[Dataset records]
┏━━

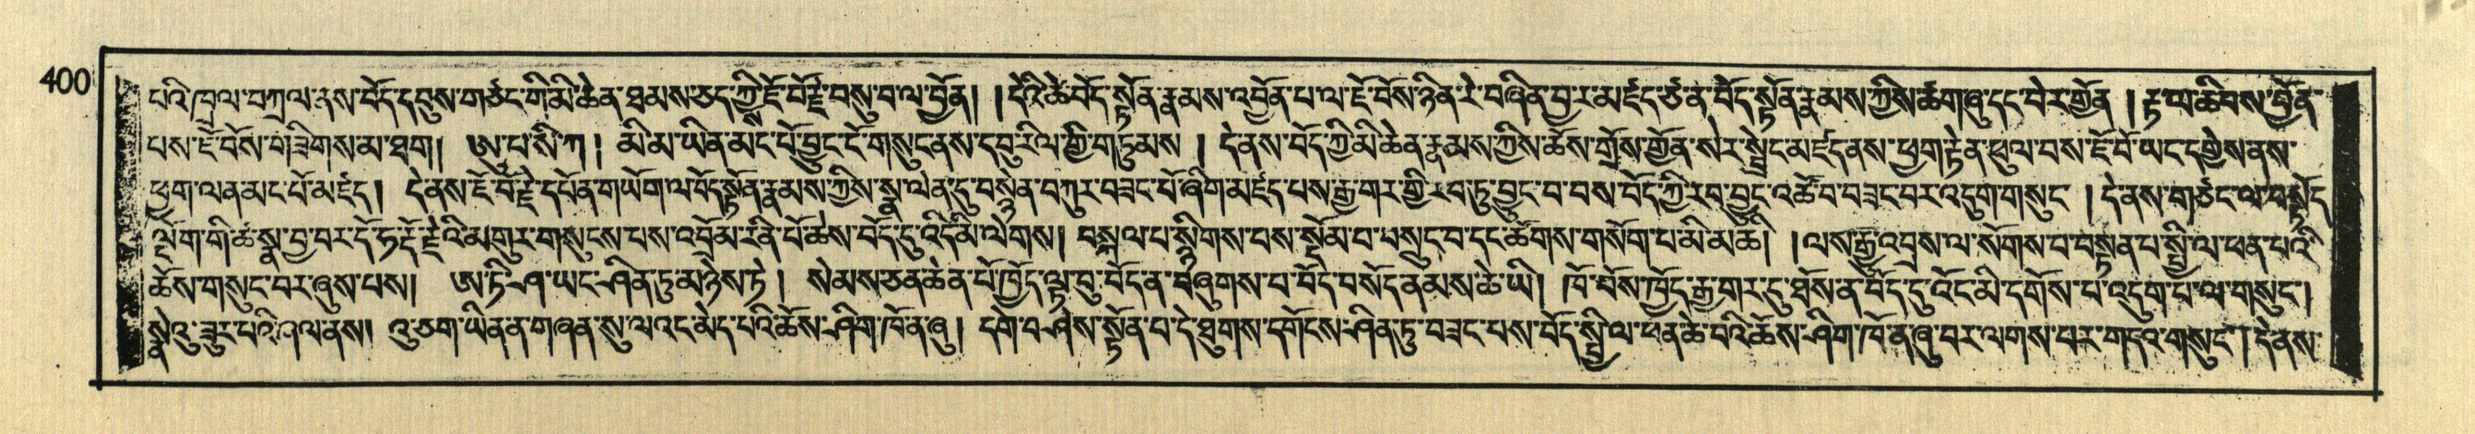པའི་ཁྲལ་བཀྲལ་ནས་བོད་དབུས་གཙང་གི་མི་ཆེན་ཐམས་ཅད་ཀྱིས་ཇོ་བོ་རྗེ་བསུ་བ་ལ་བྱོན། །དེའི་ཚེ་བོད་སྟོན་རྣམས་འབྱོན་པ་ལ་ཇོ་བོས་ཉིན་རེ་བཞིན་བྱ་ར་མཛད་ཙ་ན་བོད་སྟོན་རྣམས་ཀྱིས་ཚག་ཞུ་དང་པེར་གྱོན། །རྟ་ལ་ཆིབས་བྱོན་
པས་ཇོ་བོས་གཟིགས་མ་ཐག། ཨུ་པ་སི་ཀ། མི་མ་ཡིན་མང་པོ་བྱུང་ངོ་གསུང་ནས་དབུ་རིལ་གྱི་གཏུམས། དེ་ནས་བོད་ཀྱི་མི་ཆེན་རྣམས་ཀྱིས་ཆོས་གྲོས་གྱོན་སེར་སྦྲེང་མཛད་ནས་ཕྱག་རྟེན་ཕུལ་བས་ཇོ་བོ་ཡང་དགྱེས་ནས་
ཕྱག་ལན་མང་པོ་མཛད། དེ་ནས་ཇོ་བོ་རྗེ་དཔོན་གཡོག་ལ་བོད་སྟོན་རྣམས་ཀྱིས་སྣ་ལེན་དུ་བསྙེན་བཀུར་བཟང་པོ་ཞིག་མཛད་པས་རྒྱ་གར་གྱི་རབ་ཏུ་བྱུང་བ་བས་བོད་ཀྱི་རབ་བྱུང་འཚོ་བ་བཟང་བར་འདུག་གསུང་།དེ་ནས་གཙང་ལ་བསྟོད་
ལྡོག་གི་ཚ་སྣ་བྱ་བར་དོ་ཧ་རྡོ་རྗེའི་མགུར་གསུངས་པས་འབྲོམ་རིན་པོ་ཆེས་བོད་དུ་འདི་མི་ལེགས། བསྐལ་པ་སྙིགས་པས་སྡོམ་བ་བསྲུང་བ་དང་ཚོགས་གསོག་པ་མི་མཆི། །ལས་རྒྱུ་འབྲས་ལ་སོགས་པ་བསྟན་པ་སྤྱི་ལ་ཕན་པའི་
ཆོས་གསུང་བར་ཞུས་པས། ཨ་ཏི་ཤ་ཡང་ཤིན་ཏུ་མྱེས་ཏེ། སེམས་ཅན་ཆེན་པོ་ཁྱོད་ལྟ་བུ་བོད་ན་བཞུགས་པ་བོད་བསོད་ནམས་ཆེ་ཡི། ཁོ་བོས་ཁྱོད་རྒྱ་གར་དུ་ཐོས་ན་བོད་དུ་འོང་མི་དགོས་པ་འདུག་པ་ལ་གསུང་།
སྣེའུ་ཟུར་པའི་ཞལ་ནས། འུ་ཅག་ཡིན་ན་གཞན་སུ་ལའང་མེད་པའི་ཆོས་ཤིག་ཁོ་ན་ཞུ། དགེ་བཤེས་སྟོན་པ་དེ་ཐུགས་དགོངས་ཤིན་ཏུ་བཟང་པས་བོད་སྤྱི་ལ་ཕན་ཆེ་བའི་ཆོས་ཤིག་ཁོ་ན་ཞུ་བར་ལགས་པར་གདའ་གསུང་། དེ་ནས་

┗━━

WHAT NEEDS TO BE DONE: Set every record down verbatim. No pictures belong in the copy.

EXERCISE SOLUTION:
པའི་ཁྲལ་བཀྲལ་ནས་བོད་དབུས་གཙང་གི་མི་ཆེན་ཐམས་ཅད་ཀྱིས་ཇོ་བོ་རྗེ་བསུ་བ་ལ་བྱོན། །དེའི་ཚེ་བོད་སྟོན་རྣམས་འབྱོན་པ་ལ་ཇོ་བོས་ཉིན་རེ་བཞིན་བྱ་ར་མཛད་ཙ་ན་བོད་སྟོན་རྣམས་ཀྱིས་ཚག་ཞུ་དང་པེར་གྱོན། །རྟ་ལ་ཆིབས་བྱོན་
པས་ཇོ་བོས་གཟིགས་མ་ཐག། ཨུ་པ་སི་ཀ། མི་མ་ཡིན་མང་པོ་བྱུང་ངོ་གསུང་ནས་དབུ་རིལ་གྱི་གཏུམས། དེ་ནས་བོད་ཀྱི་མི་ཆེན་རྣམས་ཀྱིས་ཆོས་གྲོས་གྱོན་སེར་སྦྲེང་མཛད་ནས་ཕྱག་རྟེན་ཕུལ་བས་ཇོ་བོ་ཡང་དགྱེས་ནས་
ཕྱག་ལན་མང་པོ་མཛད། དེ་ནས་ཇོ་བོ་རྗེ་དཔོན་གཡོག་ལ་བོད་སྟོན་རྣམས་ཀྱིས་སྣ་ལེན་དུ་བསྙེན་བཀུར་བཟང་པོ་ཞིག་མཛད་པས་རྒྱ་གར་གྱི་རབ་ཏུ་བྱུང་བ་བས་བོད་ཀྱི་རབ་བྱུང་འཚོ་བ་བཟང་བར་འདུག་གསུང་།དེ་ནས་གཙང་ལ་བསྟོད་
ལྡོག་གི་ཚ་སྣ་བྱ་བར་དོ་ཧ་རྡོ་རྗེའི་མགུར་གསུངས་པས་འབྲོམ་རིན་པོ་ཆེས་བོད་དུ་འདི་མི་ལེགས། བསྐལ་པ་སྙིགས་པས་སྡོམ་བ་བསྲུང་བ་དང་ཚོགས་གསོག་པ་མི་མཆི། །ལས་རྒྱུ་འབྲས་ལ་སོགས་པ་བསྟན་པ་སྤྱི་ལ་ཕན་པའི་
ཆོས་གསུང་བར་ཞུས་པས། ཨ་ཏི་ཤ་ཡང་ཤིན་ཏུ་མྱེས་ཏེ། སེམས་ཅན་ཆེན་པོ་ཁྱོད་ལྟ་བུ་བོད་ན་བཞུགས་པ་བོད་བསོད་ནམས་ཆེ་ཡི། ཁོ་བོས་ཁྱོད་རྒྱ་གར་དུ་ཐོས་ན་བོད་དུ་འོང་མི་དགོས་པ་འདུག་པ་ལ་གསུང་།
སྣེའུ་ཟུར་པའི་ཞལ་ནས། འུ་ཅག་ཡིན་ན་གཞན་སུ་ལའང་མེད་པའི་ཆོས་ཤིག་ཁོ་ན་ཞུ། དགེ་བཤེས་སྟོན་པ་དེ་ཐུགས་དགོངས་ཤིན་ཏུ་བཟང་པས་བོད་སྤྱི་ལ་ཕན་ཆེ་བའི་ཆོས་ཤིག་ཁོ་ན་ཞུ་བར་ལགས་པར་གདའ་གསུང་། དེ་ནས་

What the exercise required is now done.